## Aim of the task:
Quote the material exactly from the line that contains "Arriving 1.5 s after image 1." through its last line. Any pictures are to be left out.

## Provided records:
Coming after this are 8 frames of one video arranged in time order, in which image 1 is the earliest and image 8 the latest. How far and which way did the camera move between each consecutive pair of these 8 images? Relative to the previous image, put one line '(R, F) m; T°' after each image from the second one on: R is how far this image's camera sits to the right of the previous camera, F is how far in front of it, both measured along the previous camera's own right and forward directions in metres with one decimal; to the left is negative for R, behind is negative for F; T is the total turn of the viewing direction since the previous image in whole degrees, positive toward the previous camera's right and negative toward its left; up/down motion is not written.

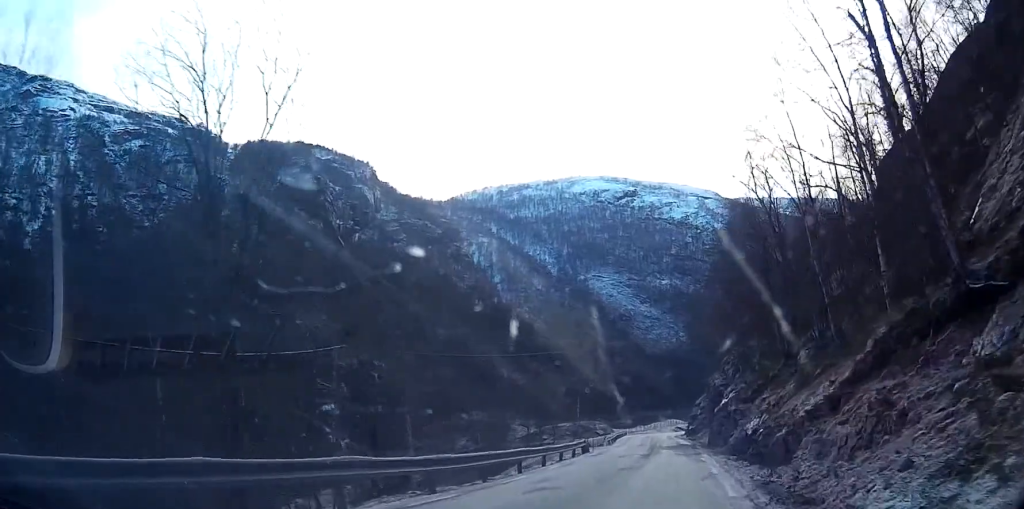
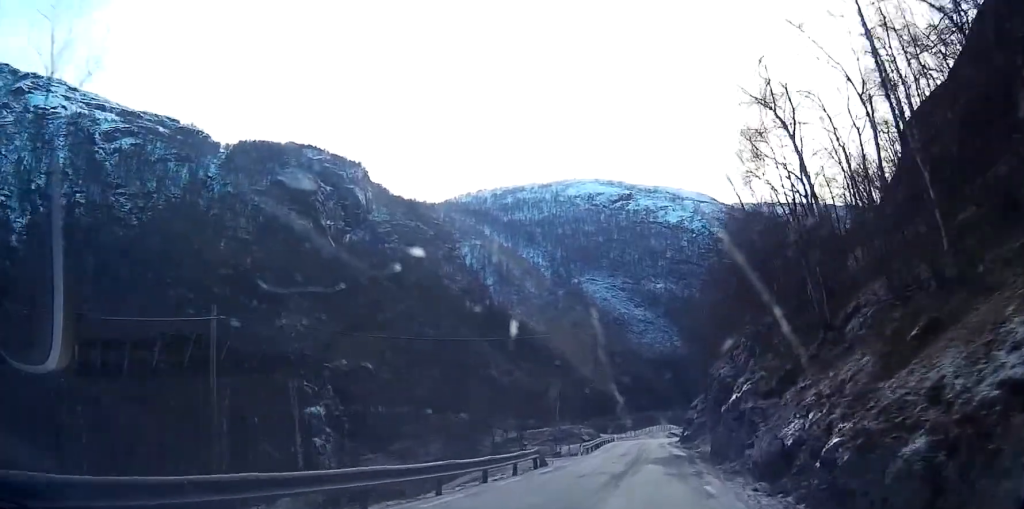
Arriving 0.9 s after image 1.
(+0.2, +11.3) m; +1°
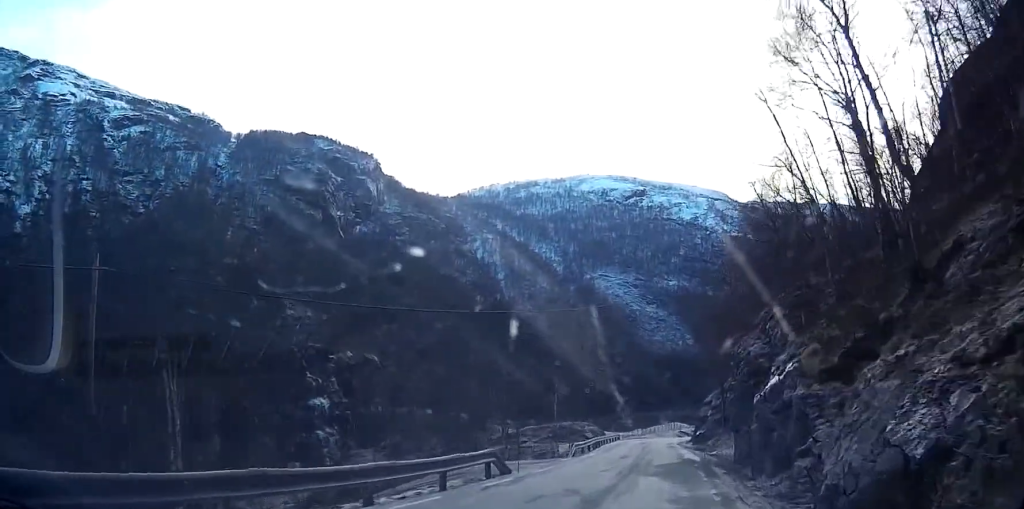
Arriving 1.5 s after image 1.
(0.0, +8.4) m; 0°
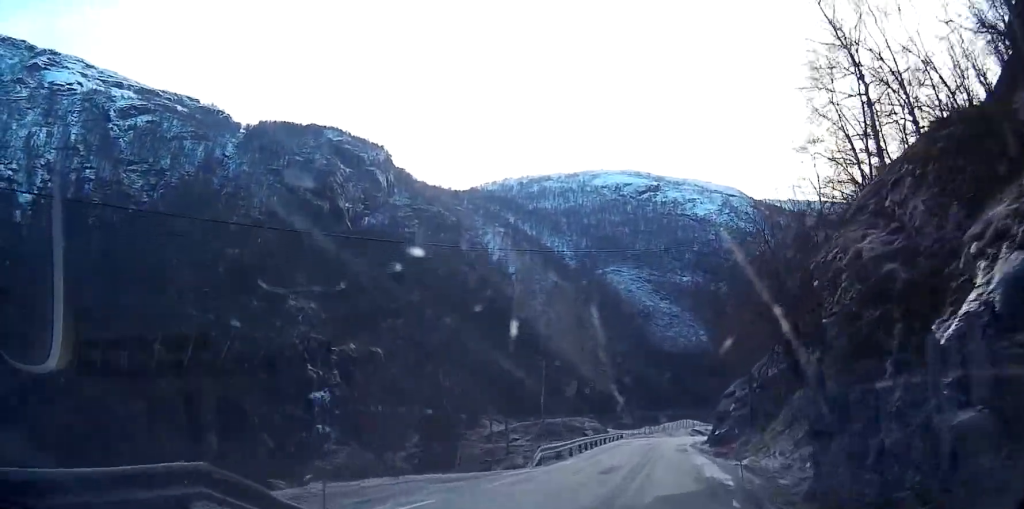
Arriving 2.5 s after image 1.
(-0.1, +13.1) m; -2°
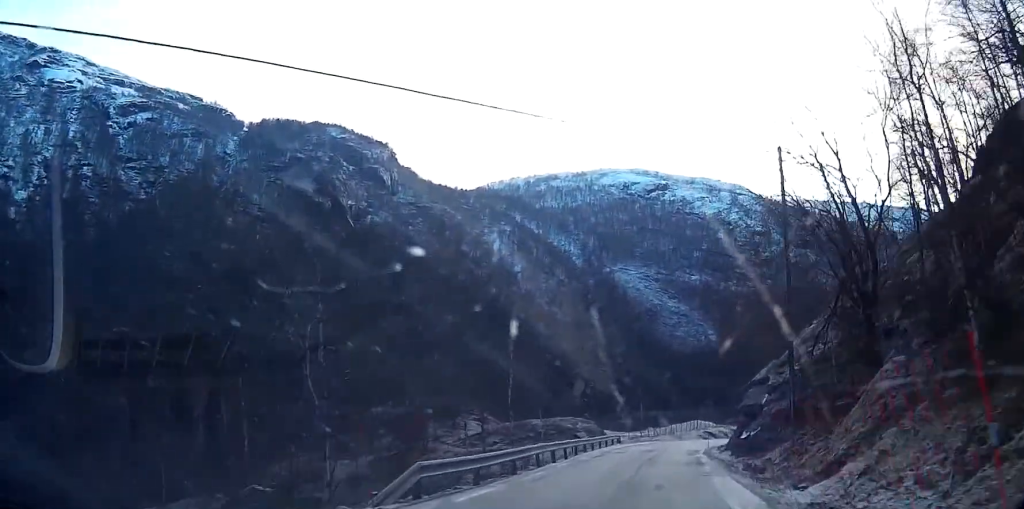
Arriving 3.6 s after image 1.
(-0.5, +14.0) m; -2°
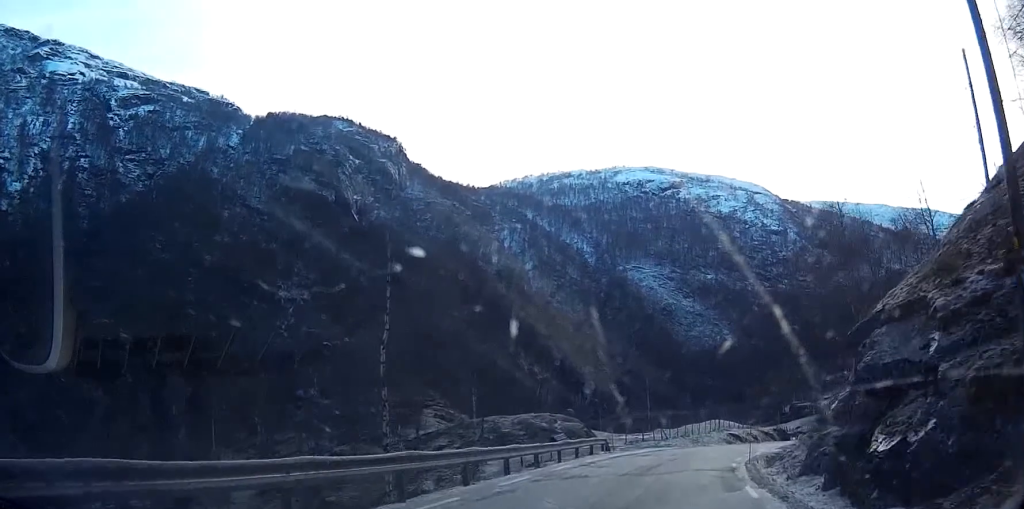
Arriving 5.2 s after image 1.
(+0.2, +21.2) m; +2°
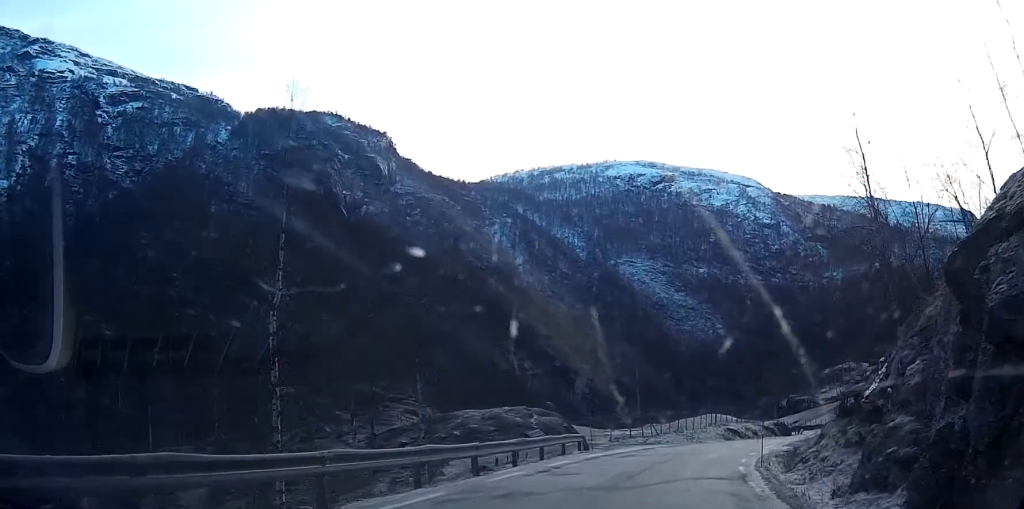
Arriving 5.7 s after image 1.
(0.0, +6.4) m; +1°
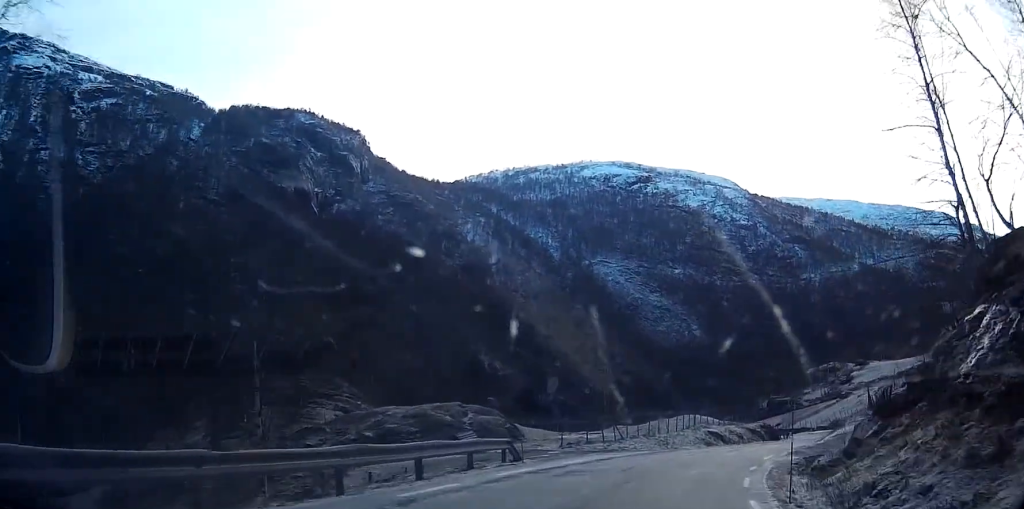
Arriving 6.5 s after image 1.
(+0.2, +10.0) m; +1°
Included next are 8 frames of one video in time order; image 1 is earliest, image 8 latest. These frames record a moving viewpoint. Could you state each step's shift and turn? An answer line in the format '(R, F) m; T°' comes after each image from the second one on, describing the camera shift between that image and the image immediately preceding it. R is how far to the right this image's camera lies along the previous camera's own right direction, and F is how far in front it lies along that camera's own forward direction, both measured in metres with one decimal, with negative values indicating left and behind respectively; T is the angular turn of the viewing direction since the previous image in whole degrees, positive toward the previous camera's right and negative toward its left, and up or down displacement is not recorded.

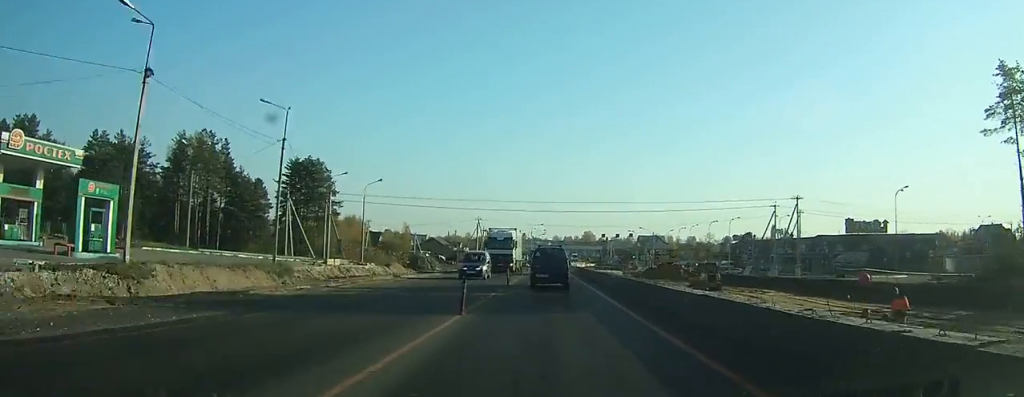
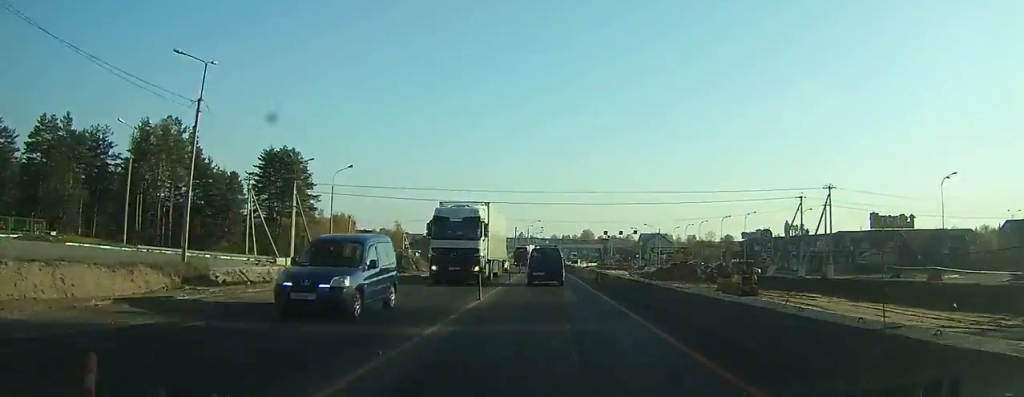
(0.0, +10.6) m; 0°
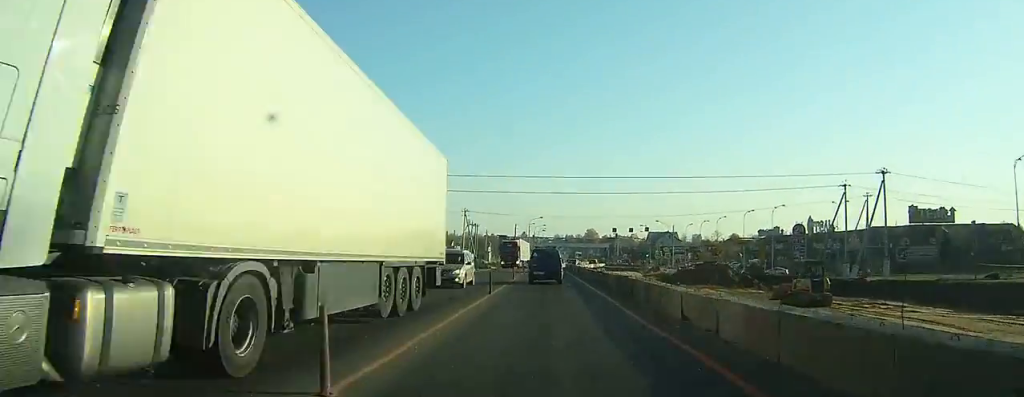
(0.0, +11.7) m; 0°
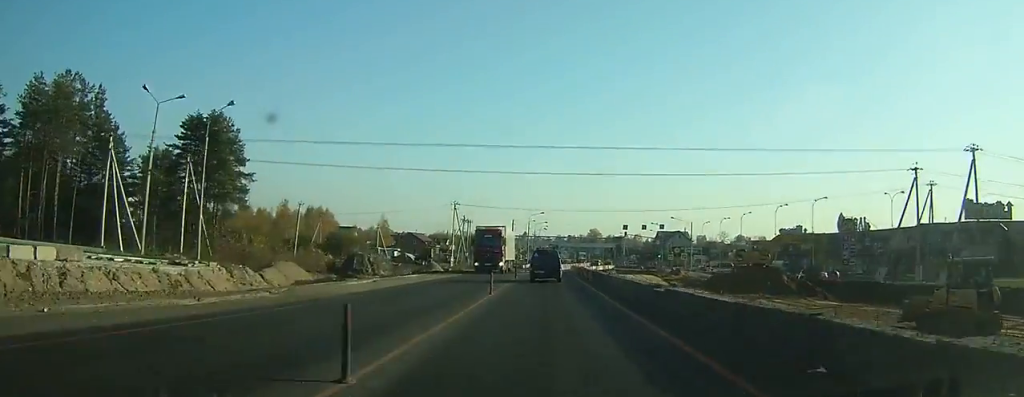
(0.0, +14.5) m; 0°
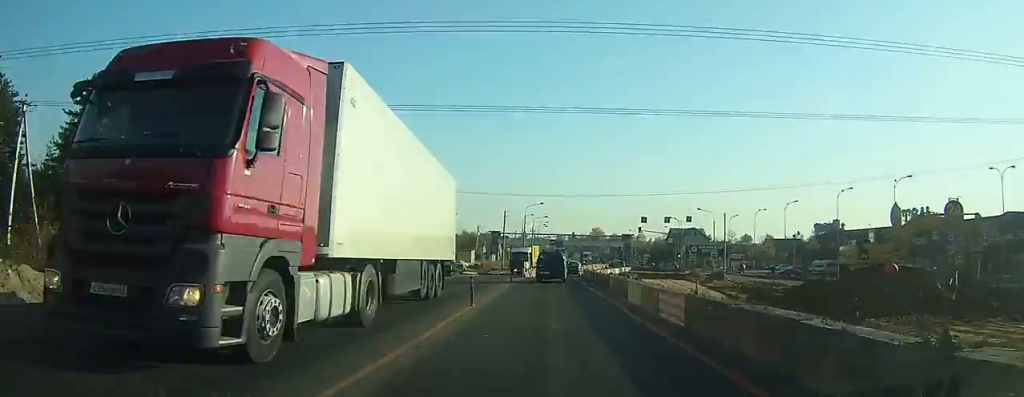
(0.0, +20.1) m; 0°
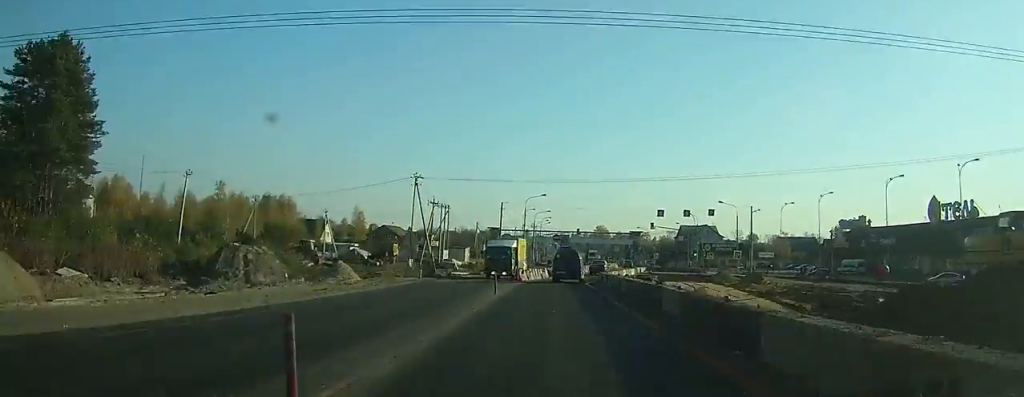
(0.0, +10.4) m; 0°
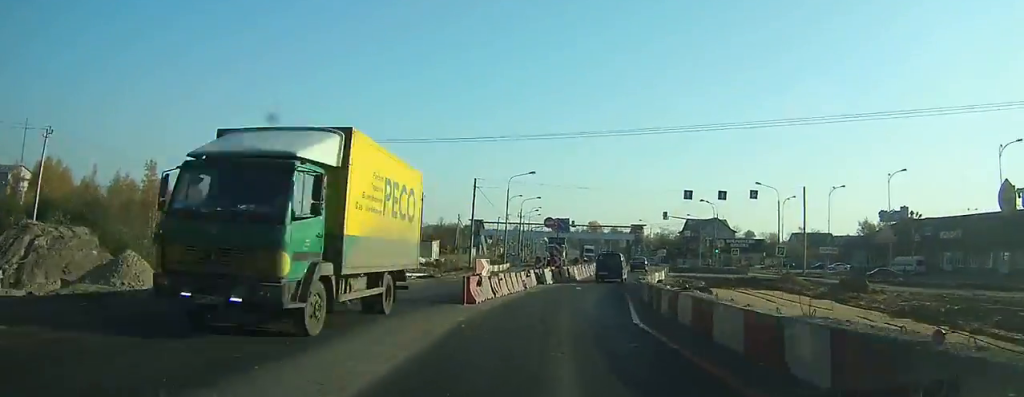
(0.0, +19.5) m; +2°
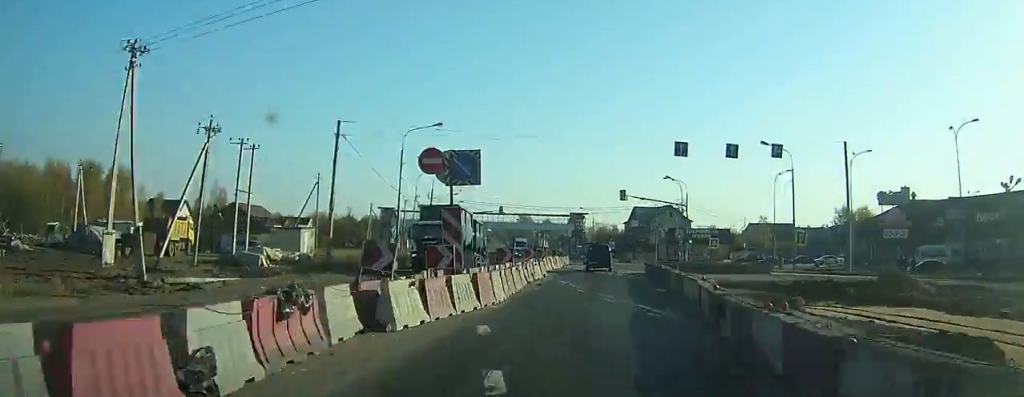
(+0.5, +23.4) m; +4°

## Output for this task:
Arriving 1.5 s after image 1.
(0.0, +8.4) m; 0°
Arriving 2.5 s after image 1.
(-0.1, +13.1) m; -2°
Arriving 3.6 s after image 1.
(-0.5, +14.0) m; -2°
Arriving 5.2 s after image 1.
(+0.2, +21.2) m; +2°
Arriving 5.7 s after image 1.
(0.0, +6.4) m; +1°
Arriving 6.5 s after image 1.
(+0.2, +10.0) m; +1°
Included next are 8 frames of one video in time order; image 1 is earliest, image 8 latest. These frames record a moving viewpoint. Could you state each step's shift and turn? An answer line in the format '(R, F) m; T°' comes after each image from the second one on, describing the camera shift between that image and the image immediately preceding it. R is how far to the right this image's camera lies along the previous camera's own right direction, and F is how far in front it lies along that camera's own forward direction, both measured in metres with one decimal, with negative values indicating left and behind respectively; T is the angular turn of the viewing direction since the previous image in whole degrees, positive toward the previous camera's right and negative toward its left, and up or down displacement is not recorded.

(0.0, +10.6) m; 0°
(0.0, +11.7) m; 0°
(0.0, +14.5) m; 0°
(0.0, +20.1) m; 0°
(0.0, +10.4) m; 0°
(0.0, +19.5) m; +2°
(+0.5, +23.4) m; +4°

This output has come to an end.